Pendant le mois d'août, nous publions à nouveau quelques-uns des textes les plus lus de l'année.


On s'accorde à dire qu'une bonne écoute est un savoir-être majeur, quel que soit le contexte. Encore faut-il s'entendre sur ce que l'on met derrière ce mot.

Une disposition intérieure

L'écoute est un mouvement presque invisible qui va de l'intérieur vers l'extérieur. D'abord un silence qui s'installe en soi. C'est le premier écueil : nous avons du mal à faire taire notre mental et notre pulsion à agir.

Notre voix intérieure est inlassable : elle juge, prépare ses réponses, saute aux conclusions... Nous voulons « faire » : conseiller, résoudre, aider, soutenir ...

Or, écouter consiste à donner toute son attention à l'autre, en s'oubliant soi.

C'est un moment où on choisit délibérément de s'effacer, de mettre de côté son propre cadre de référence, pour entrer dans une autre façon de penser et de voir le monde. L'univers cesse de tourner autour de notre propre personne. C'est pourquoi l'écoute demande de l'empathie : cette capacité à se mettre à la place de l'autre, tout en gardant la conscience de soi, et sans se noyer dans l'émotion.

Une écoute qui serait « sympathique » au sens psychologique du mot, risque d'être préjudiciable aux deux interlocuteurs. Car la sympathie est un « souffrir en même temps», dont on sait qu'elle mène bien des professionnels du soin au burn-out.

L'écoute, un accueil.

Le silence est un indice de notre état d'esprit. Hostile, il est comme un mur. Bienveillant, il ouvre les bras. C'est pourquoi ce silence doit être habité. Par des regards, quelques questions, des relances, des mouvements du corps… Le silence doit être subtilement actif.

L'expérience émotionnelle et cognitive de l'autre est toujours singulière. Ecouter c'est faire un effort pour saisir cette originalité.

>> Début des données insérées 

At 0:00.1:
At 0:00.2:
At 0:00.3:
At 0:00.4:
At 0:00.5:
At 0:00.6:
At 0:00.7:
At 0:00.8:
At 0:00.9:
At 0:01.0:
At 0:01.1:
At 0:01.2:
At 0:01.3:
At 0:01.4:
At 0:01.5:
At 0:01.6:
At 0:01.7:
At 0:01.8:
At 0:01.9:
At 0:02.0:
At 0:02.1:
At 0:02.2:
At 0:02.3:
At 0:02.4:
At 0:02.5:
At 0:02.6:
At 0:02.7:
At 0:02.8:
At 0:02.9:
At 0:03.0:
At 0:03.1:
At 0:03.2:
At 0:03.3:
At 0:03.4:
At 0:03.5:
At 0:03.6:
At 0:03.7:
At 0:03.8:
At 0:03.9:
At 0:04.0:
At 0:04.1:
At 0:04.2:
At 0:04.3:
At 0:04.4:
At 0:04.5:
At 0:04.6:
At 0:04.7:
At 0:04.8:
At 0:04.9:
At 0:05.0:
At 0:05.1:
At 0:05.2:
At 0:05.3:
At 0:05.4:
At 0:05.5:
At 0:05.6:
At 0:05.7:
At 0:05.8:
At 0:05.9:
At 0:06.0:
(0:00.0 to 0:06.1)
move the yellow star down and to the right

Il s'agit d'entendre, comprendre, accepter. Et aussi de refléter cette compréhension, et souvent de l'approfondir. Ce qui ne veut pas dire cautionner. Ni consentir. Ni approuver. Simplement offrir un espace pour l'expression des joies, des peines, des succès, des angoisses, des doutes... D'abord faire de la place à l'autre.

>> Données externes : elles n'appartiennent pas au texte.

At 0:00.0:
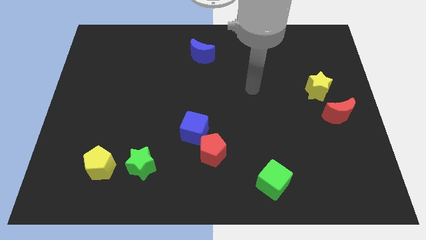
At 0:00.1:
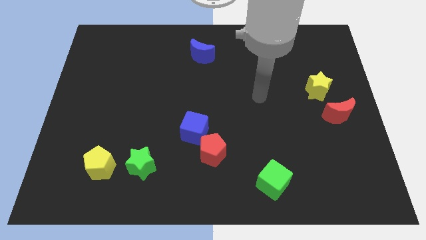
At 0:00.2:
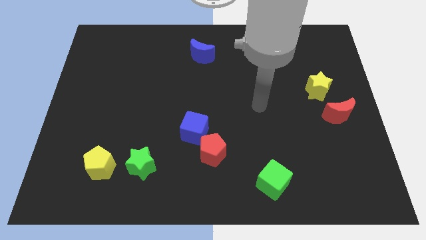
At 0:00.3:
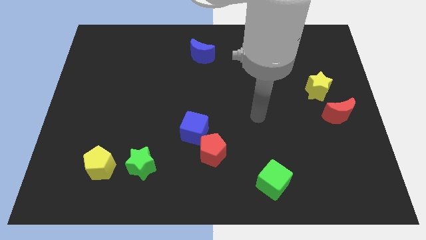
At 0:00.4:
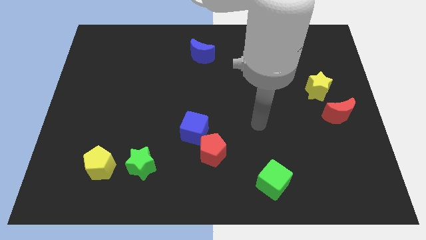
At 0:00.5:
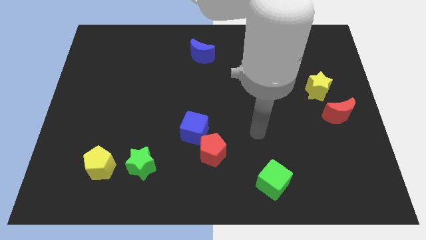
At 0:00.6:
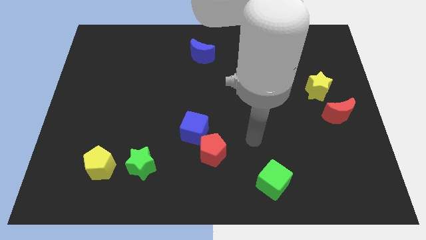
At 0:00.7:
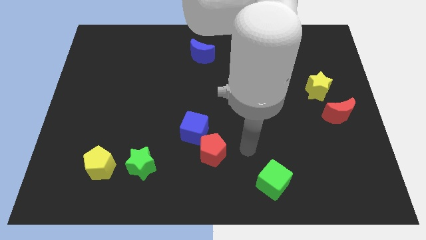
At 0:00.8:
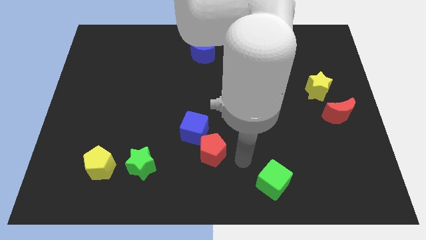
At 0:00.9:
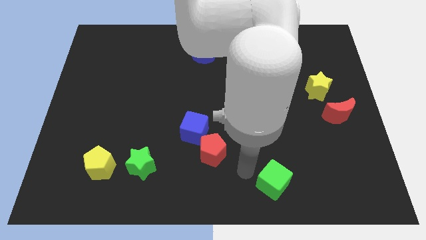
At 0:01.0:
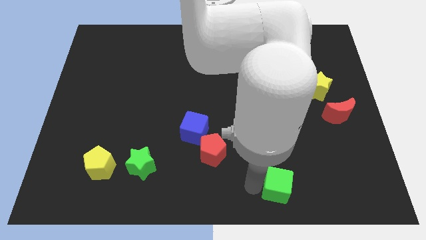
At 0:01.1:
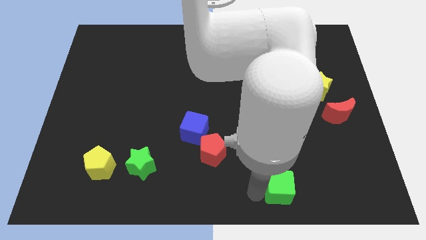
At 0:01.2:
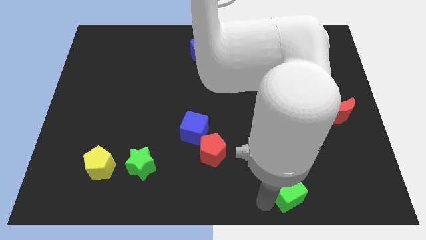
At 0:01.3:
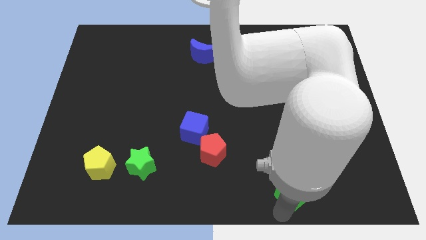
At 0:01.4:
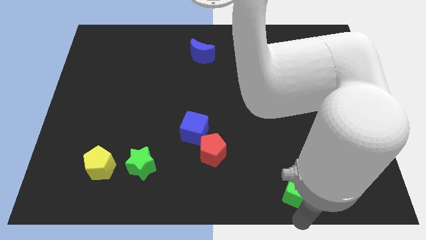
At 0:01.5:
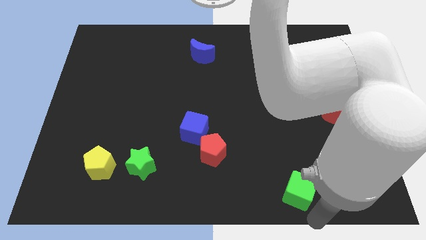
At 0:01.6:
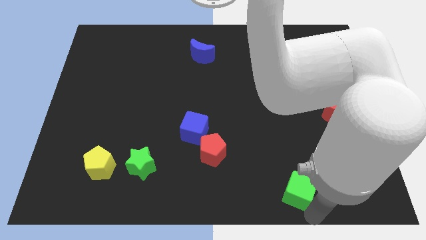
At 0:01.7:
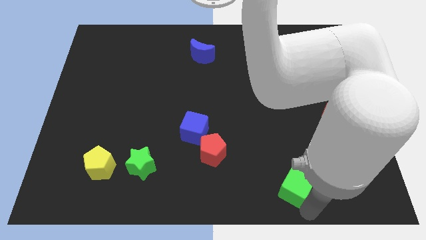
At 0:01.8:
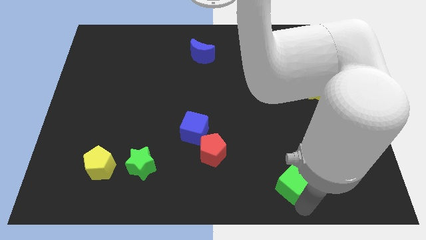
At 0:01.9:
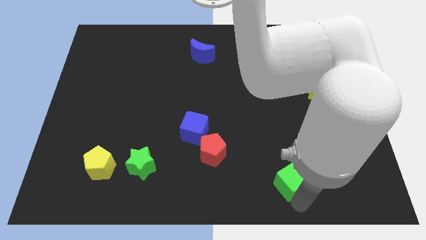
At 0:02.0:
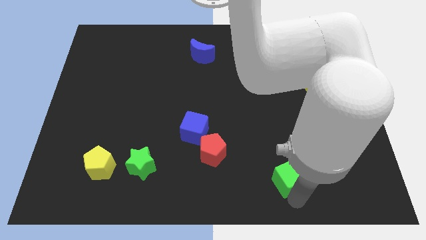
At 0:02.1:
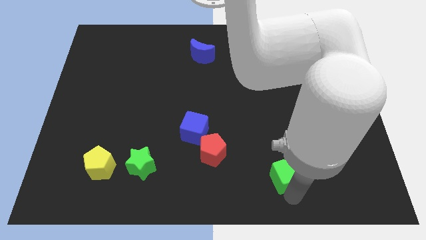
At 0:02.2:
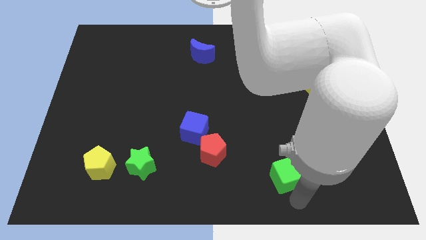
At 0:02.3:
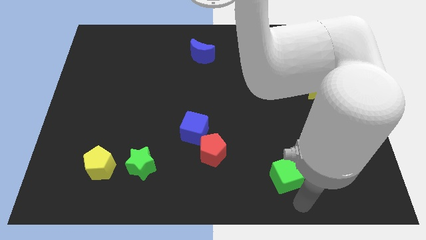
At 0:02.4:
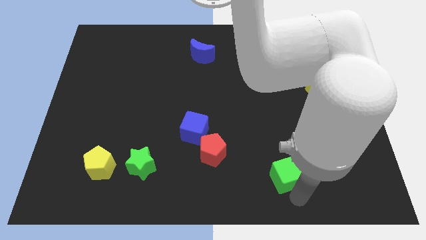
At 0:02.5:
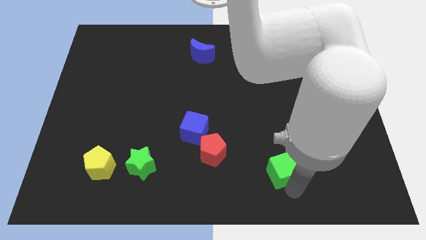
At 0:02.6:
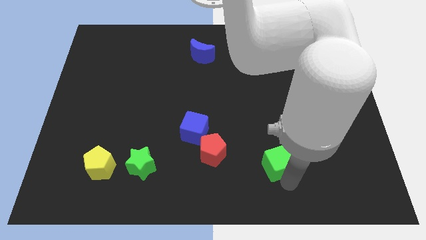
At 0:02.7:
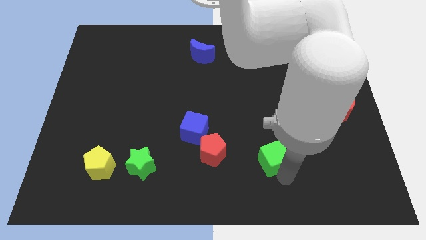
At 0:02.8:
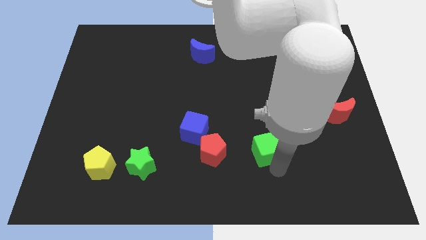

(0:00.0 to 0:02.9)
push the green cube upwards slightly

C'est un compagnonnage épaule contre épaule: écouter c'est être ni trop en avant, ni trop en arrière. C'est vraiment rejoindre l'autre là où il est. Il sera bien temps, un peu plus tard, de se positionner à son tour. Si besoin.

Pour l'heure écoutons. Ouvrons la porte. Laissons circuler ce qui a besoin de circuler. Soyons transparents.

Notre attention dénote une intention.

L'écoute est un comportement volontaire, qui devient une seconde nature avec la pratique.

L'aspect volontaire de l'écoute peut être un piège.

  • D'une part parce que cette attitude ne doit pas être une posture artificielle, un masque pour se valoriser soi. Il ne s'agit pas de « se regarder écouter ». On ne joue pas à écouter. L'autre n'est pas un objet au service de notre égo ou de notre désir de puissance.
  • D'autre part, parce que ce comportement doit être à la fois plein de tact et opportun. Rien de pire que d'avoir l'impression d'être regardé avec une forme de pitié. A cet égard, il y a des bienveillances qui sont des violences. Si votre interlocuteur n'ouvre pas sa porte, vous n'avez pas le droit de la forcer.

Zorro et St Bernard, sachez passer votre chemin si vous êtes malvenus ! L'écoute est une marque de respect, pas une intrusion. On peut écouter trop, comme on peut écouter trop peu, ou à mauvais escient.

Par ailleurs, écouter n'est pas résoudre un problème. Il n'y a pas d'un côté un sachant et de l'autre une personne que l'on infantilise. Il ne faut ni vouloir, ni faire, à la place de l'autre.

Et enfin, si une bonne écoute demande de connaître quelques techniques, comme les reformulations, le questionnement, les relances ou les résumés, il ne s'agit surtout pas de les appliquer mécaniquement.

L'écoute n'est pas universellement bonne. Elle requière de la solidité, un jugement sûr, des conditions, un savoir-faire, un doigté...

L'écoute est un art. Une matière perfectible. Subtile.

Celui qui veut écouter doit se laisser guider. Il doit suivre, se caler sur le rythme de son interlocuteur. Et éviter les mouvements maladroits qui peuvent créer des cassures. C'est le bloc de marbre qui indique quelle sculpture il requiert.

Le bon sculpteur met son adresse au service de ce que propose la matière.